MacLeod graduated from Glasgow University with a degree in zoology and has worked as a computer programmer and written a masters thesis on biomechanics.[1] His novels often explore socialist, communist and anarchist political ideas, most particularly the variants of Trotskyism and anarcho-capitalism or extreme economic libertarianism. Technical themes encompass singularities, divergent human cultural evolution and post-human cyborg-resurrection. MacLeod's general outlook can be best described as techno-utopian socialist,[2][3] though unlike a majority of techno-utopians, he has expressed great scepticism over the possibility and especially over the desirability of Strong AI.
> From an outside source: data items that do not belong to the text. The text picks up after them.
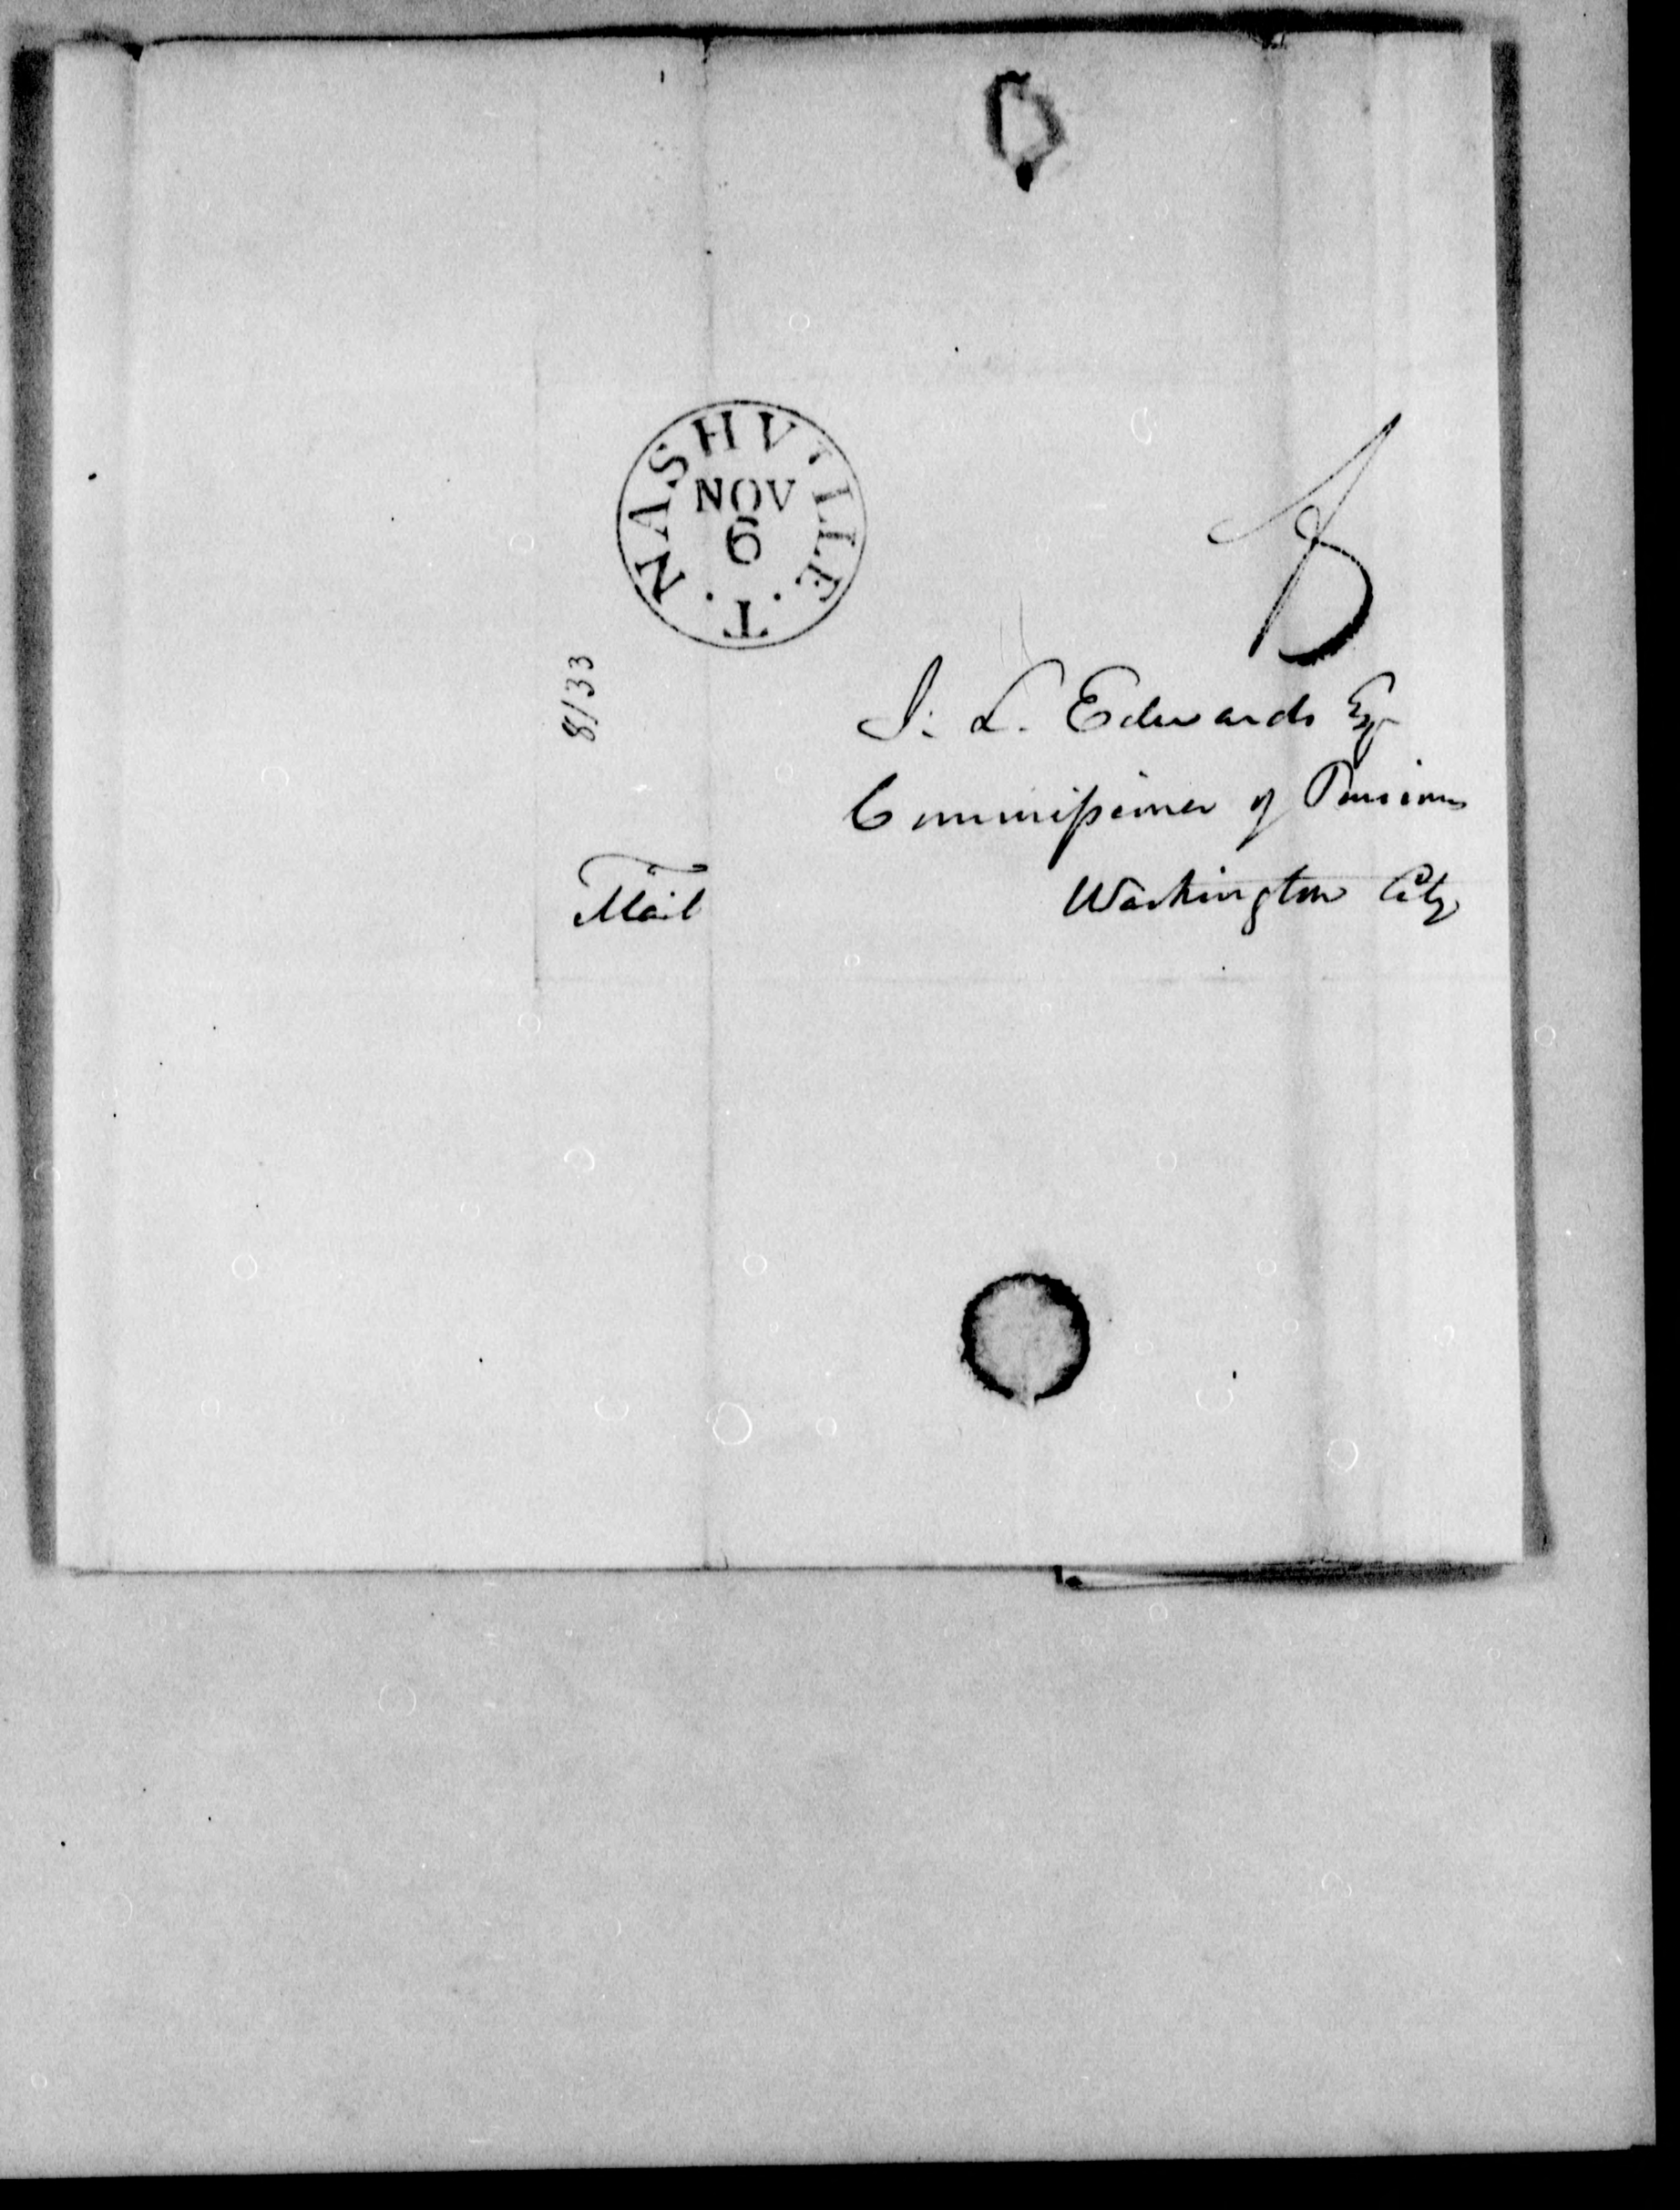[circular stamp] NASHVILLE . T .  NOV 6
8133
J. L. Edwards Eq
Commissioner of Pensions
Washington City
Mail

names: J L Edwards
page: 69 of 105
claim: survivor's
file: S. 1883, Richard Vernon, N.C.

He is known for his constant in-joking and punning on the intersection between socialist ideologies and computer programming, as well as other fields. For example, his chapter titles such as "Trusted Third Parties" or "Revolutionary Platform" usually have double (or multiple) meanings. A future programmers union is called "International Workers of the World Wide Web", or the Webblies, a reference to the Industrial Workers of the World, who are nicknamed the Wobblies. There are also many references to, or puns on, zoology and palaeontology. For example in The Stone Canal the title of the book, and many places described in it, are named after anatomical features of marine invertebrates such as starfish.
He is part of a new generation of British science fiction writers, who specialise in hard science fiction and space opera. His contemporaries include Stephen Baxter, Iain M. Banks, Alastair Reynolds, Adam Roberts, Charles Stross, Richard Morgan and Liz Williams.